### Task to complete
Your transcription must include every record word for word and no pictures.

[Records from a collection]
#####

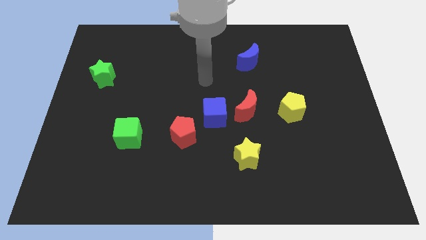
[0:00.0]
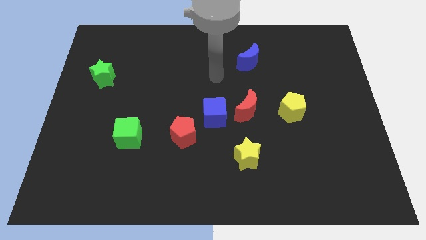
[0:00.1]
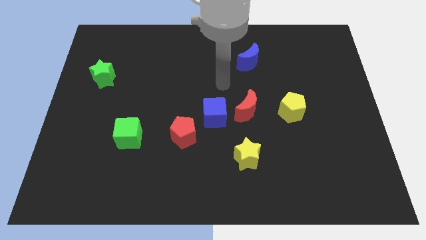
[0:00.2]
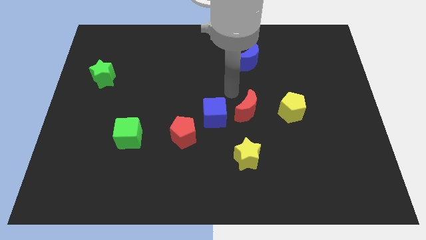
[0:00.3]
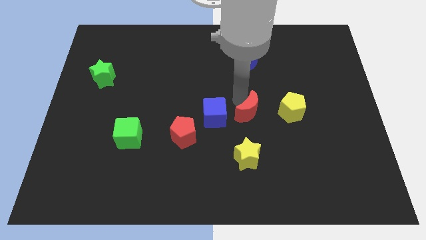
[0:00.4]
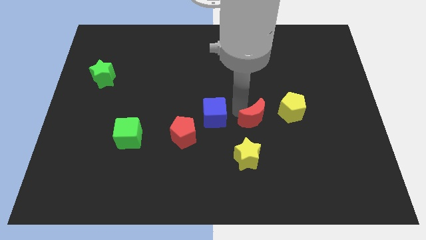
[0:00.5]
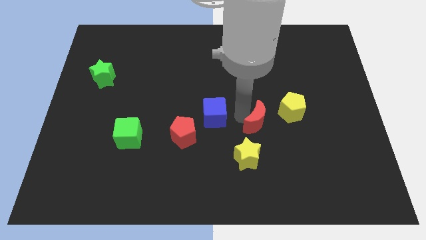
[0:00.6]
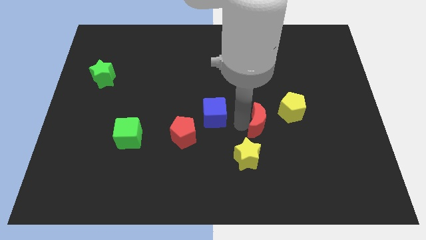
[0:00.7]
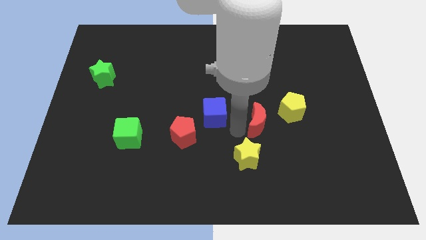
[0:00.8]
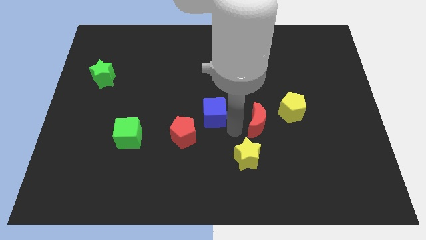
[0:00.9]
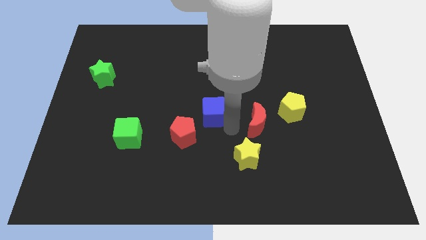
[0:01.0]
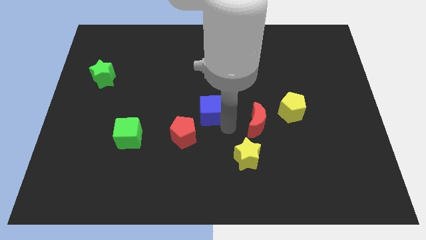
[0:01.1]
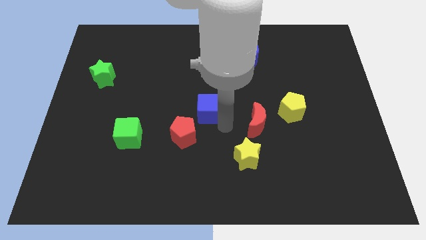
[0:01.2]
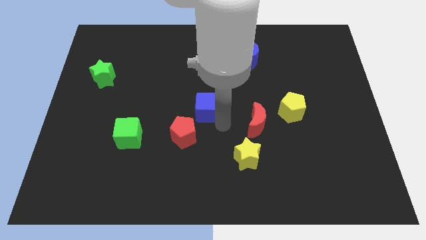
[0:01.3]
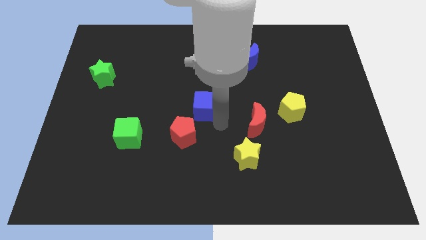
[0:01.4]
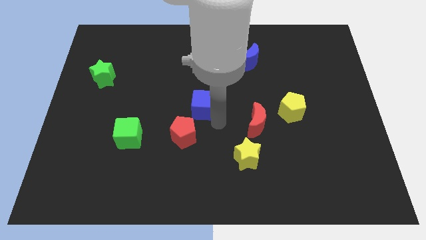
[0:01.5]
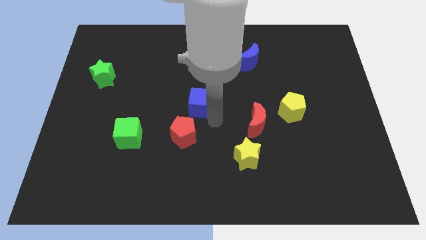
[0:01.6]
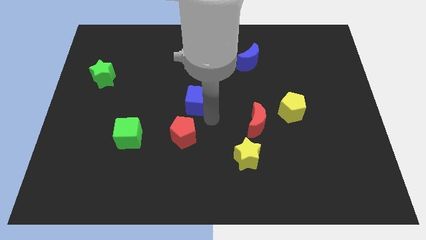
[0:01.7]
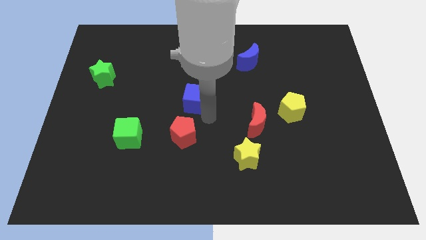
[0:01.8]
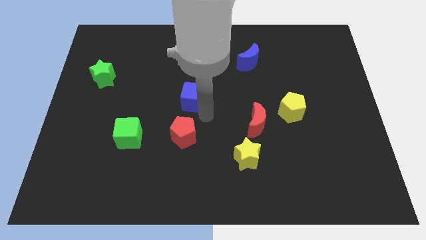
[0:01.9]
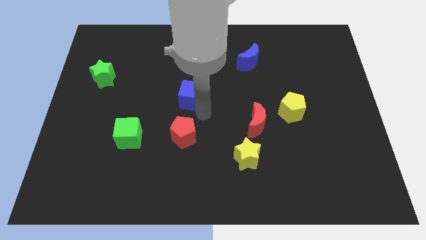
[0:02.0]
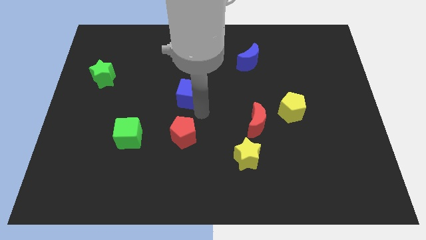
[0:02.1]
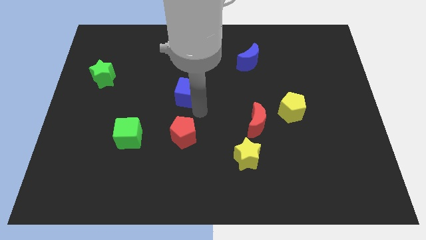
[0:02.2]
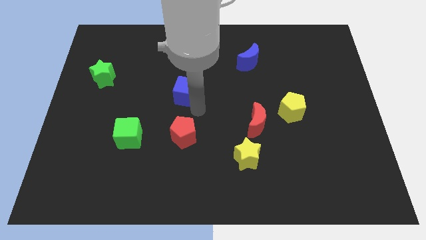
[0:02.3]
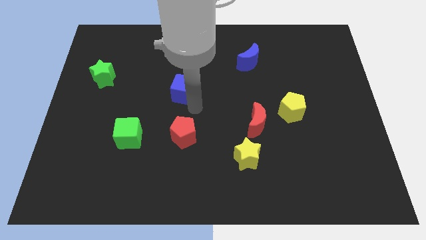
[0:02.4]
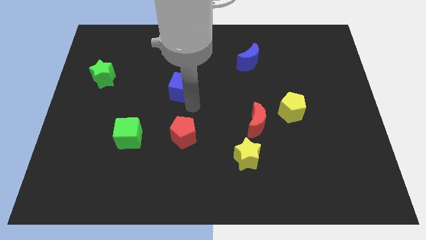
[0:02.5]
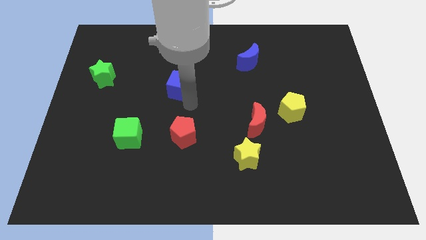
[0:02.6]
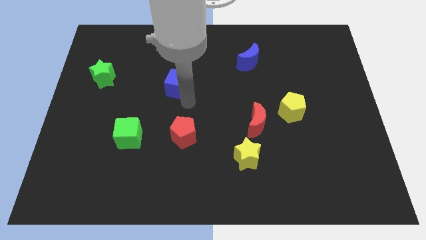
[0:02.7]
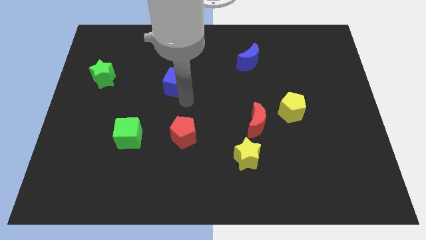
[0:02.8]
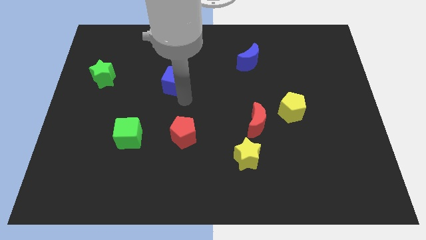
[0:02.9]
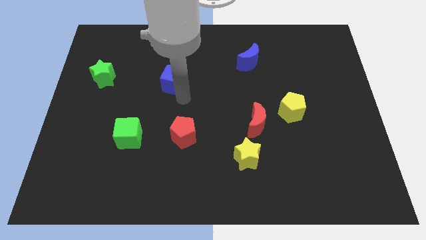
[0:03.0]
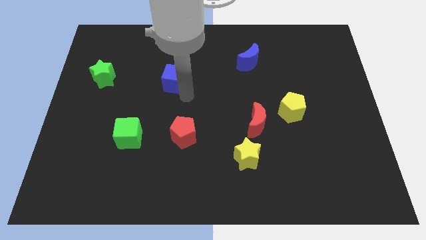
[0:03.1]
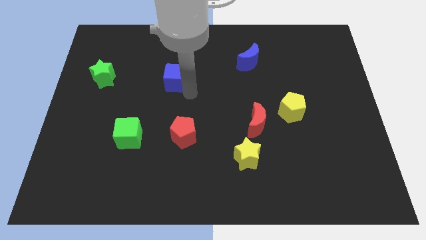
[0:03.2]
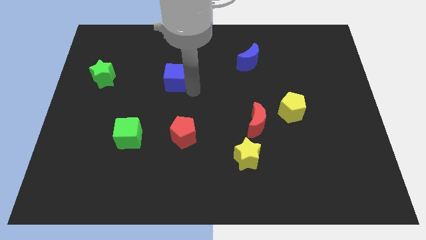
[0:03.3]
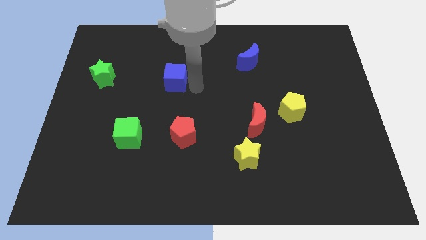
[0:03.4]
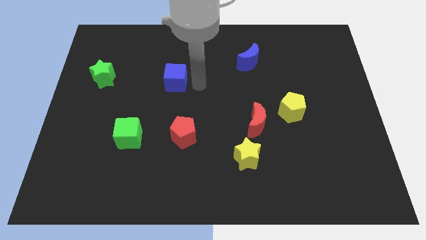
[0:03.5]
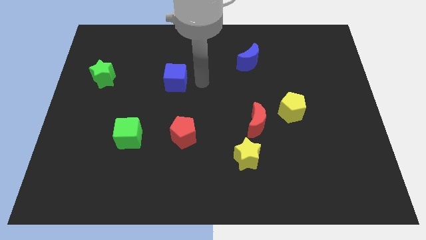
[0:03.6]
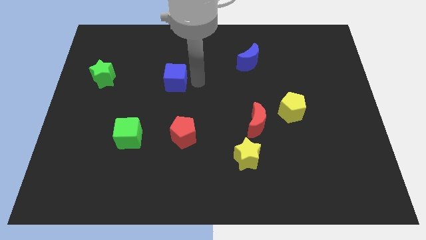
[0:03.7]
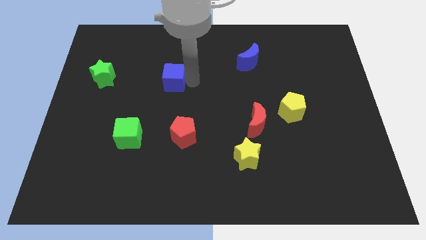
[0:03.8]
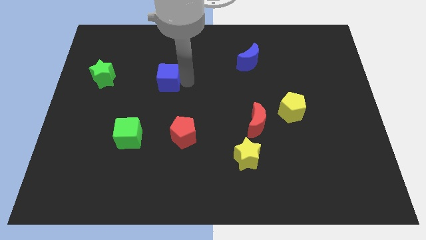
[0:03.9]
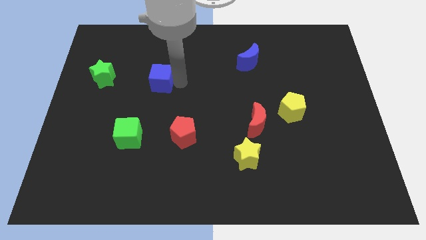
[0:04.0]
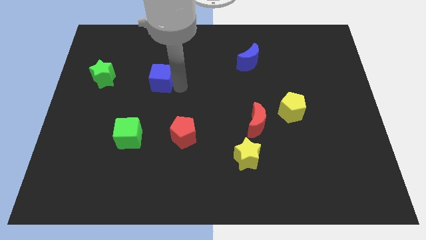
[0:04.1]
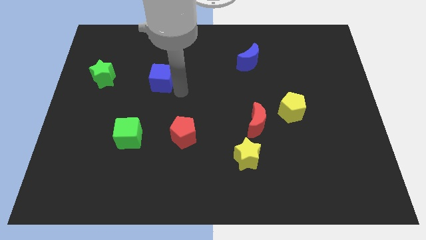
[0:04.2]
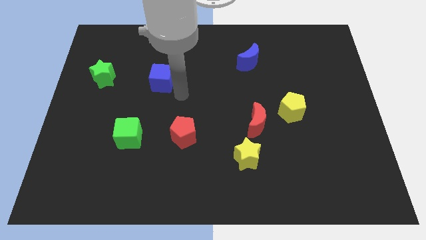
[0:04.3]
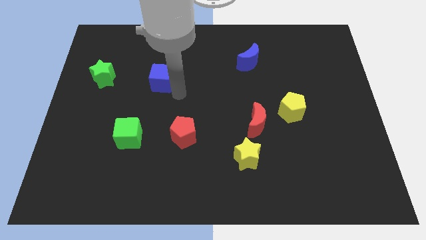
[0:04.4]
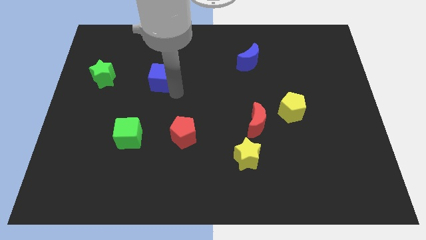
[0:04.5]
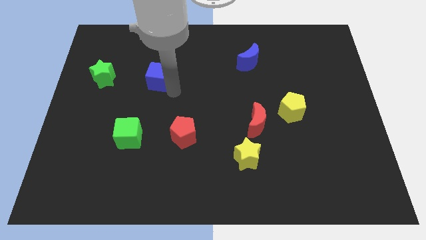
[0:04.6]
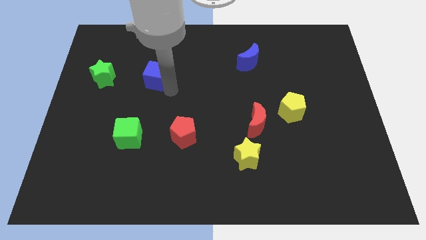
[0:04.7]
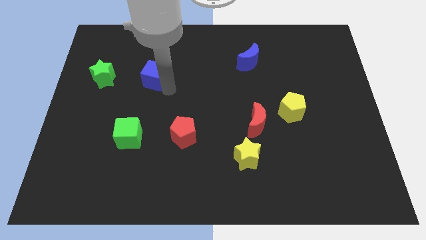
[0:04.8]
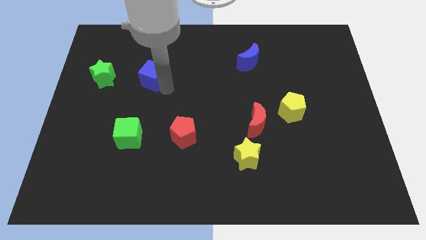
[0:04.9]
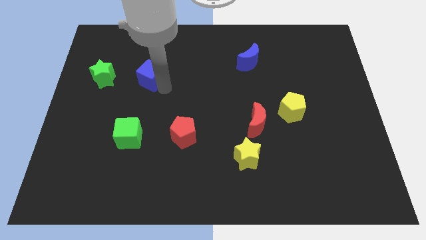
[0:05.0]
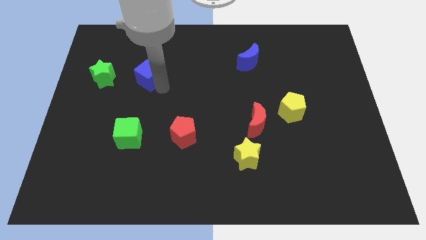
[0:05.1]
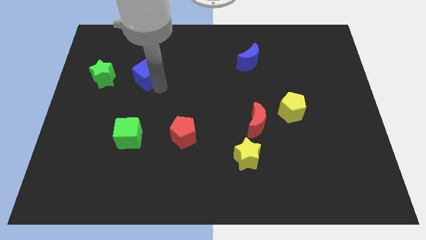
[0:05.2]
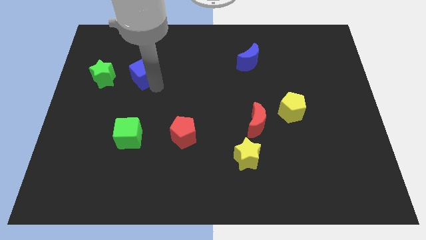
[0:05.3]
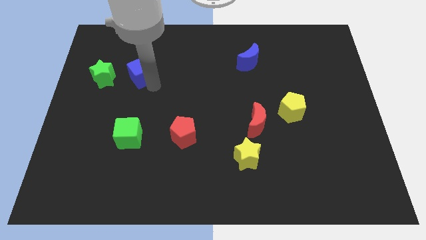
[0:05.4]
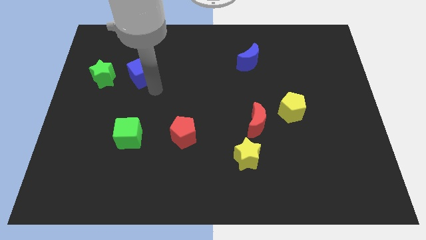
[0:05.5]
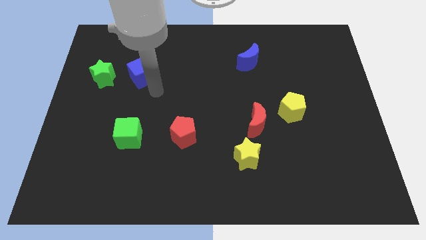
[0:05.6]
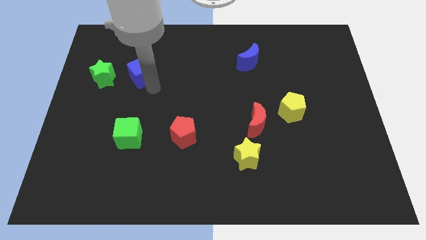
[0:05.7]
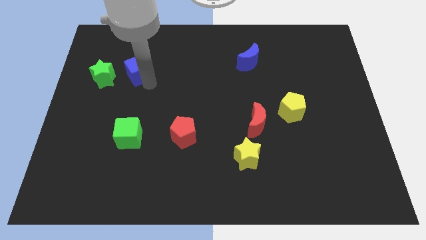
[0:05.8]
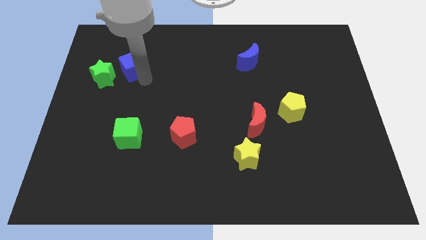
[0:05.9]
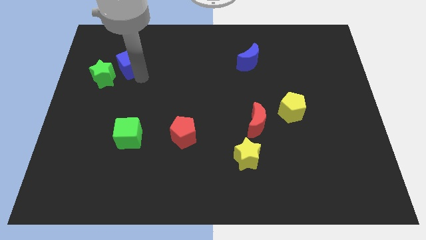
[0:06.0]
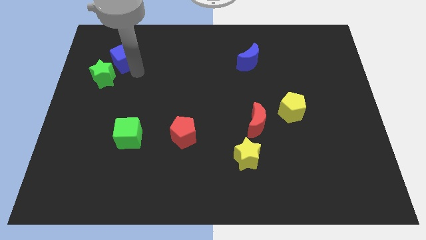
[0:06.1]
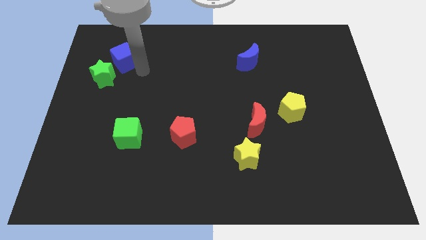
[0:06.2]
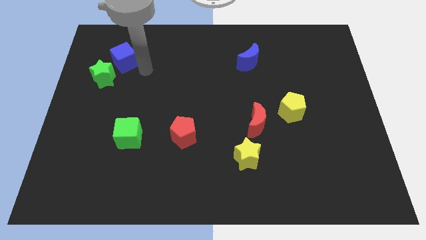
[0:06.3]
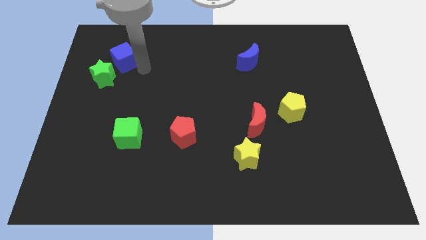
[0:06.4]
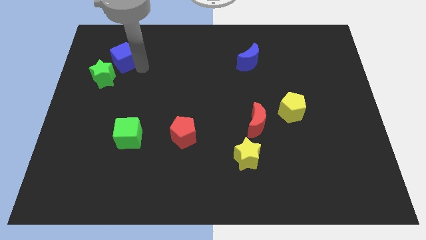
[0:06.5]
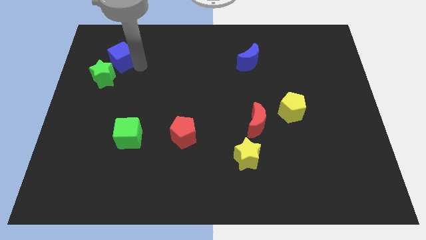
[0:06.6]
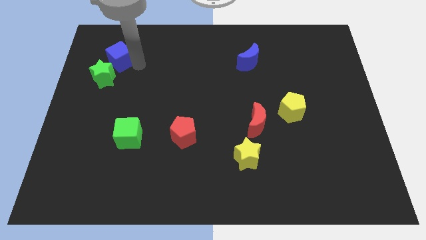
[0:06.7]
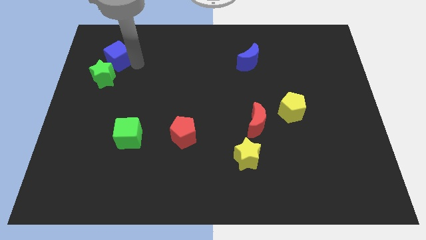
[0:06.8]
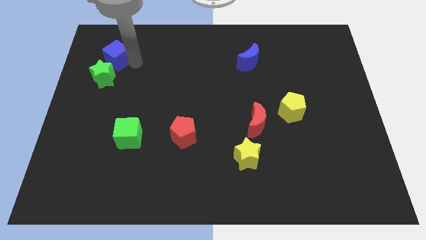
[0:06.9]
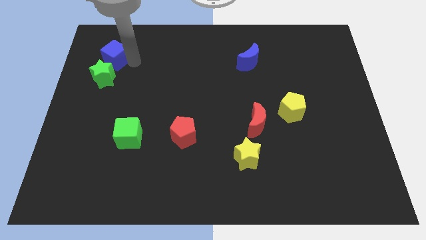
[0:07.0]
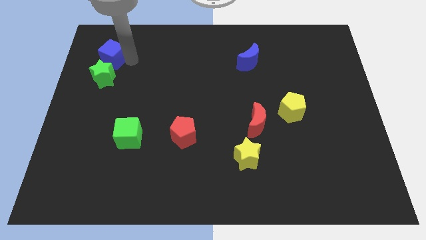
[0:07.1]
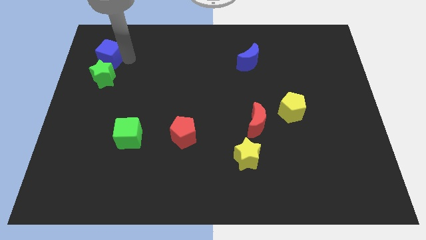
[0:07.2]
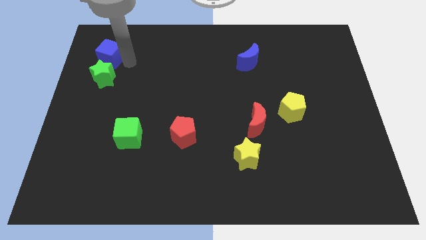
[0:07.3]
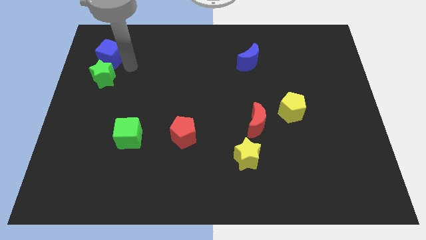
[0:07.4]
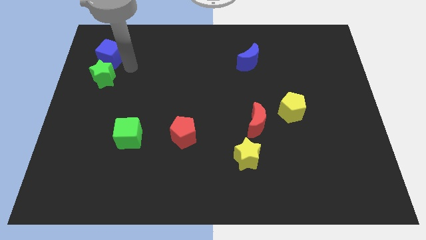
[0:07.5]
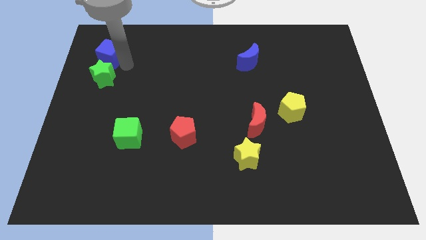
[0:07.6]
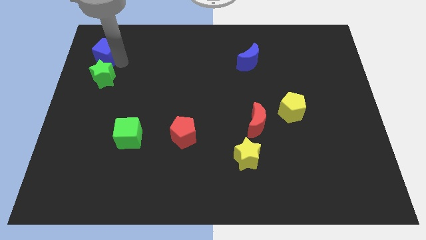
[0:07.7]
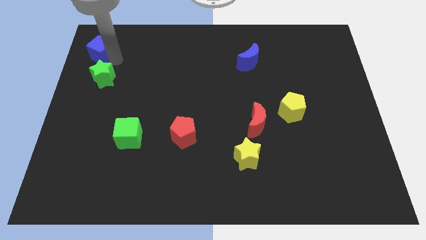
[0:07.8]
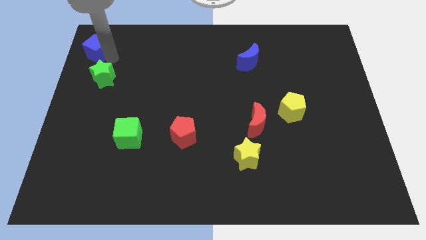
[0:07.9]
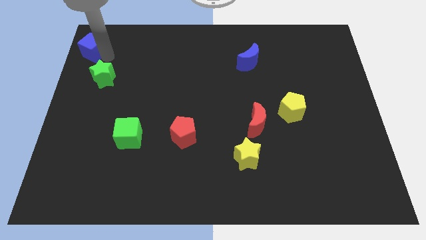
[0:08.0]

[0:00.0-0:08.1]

#####

### Solution for this problem
[0:00.0]
[0:00.1]
[0:00.2]
[0:00.3]
[0:00.4]
[0:00.5]
[0:00.6]
[0:00.7]
[0:00.8]
[0:00.9]
[0:01.0]
[0:01.1]
[0:01.2]
[0:01.3]
[0:01.4]
[0:01.5]
[0:01.6]
[0:01.7]
[0:01.8]
[0:01.9]
[0:02.0]
[0:02.1]
[0:02.2]
[0:02.3]
[0:02.4]
[0:02.5]
[0:02.6]
[0:02.7]
[0:02.8]
[0:02.9]
[0:03.0]
[0:03.1]
[0:03.2]
[0:03.3]
[0:03.4]
[0:03.5]
[0:03.6]
[0:03.7]
[0:03.8]
[0:03.9]
[0:04.0]
[0:04.1]
[0:04.2]
[0:04.3]
[0:04.4]
[0:04.5]
[0:04.6]
[0:04.7]
[0:04.8]
[0:04.9]
[0:05.0]
[0:05.1]
[0:05.2]
[0:05.3]
[0:05.4]
[0:05.5]
[0:05.6]
[0:05.7]
[0:05.8]
[0:05.9]
[0:06.0]
[0:06.1]
[0:06.2]
[0:06.3]
[0:06.4]
[0:06.5]
[0:06.6]
[0:06.7]
[0:06.8]
[0:06.9]
[0:07.0]
[0:07.1]
[0:07.2]
[0:07.3]
[0:07.4]
[0:07.5]
[0:07.6]
[0:07.7]
[0:07.8]
[0:07.9]
[0:08.0]

[0:00.0-0:08.1]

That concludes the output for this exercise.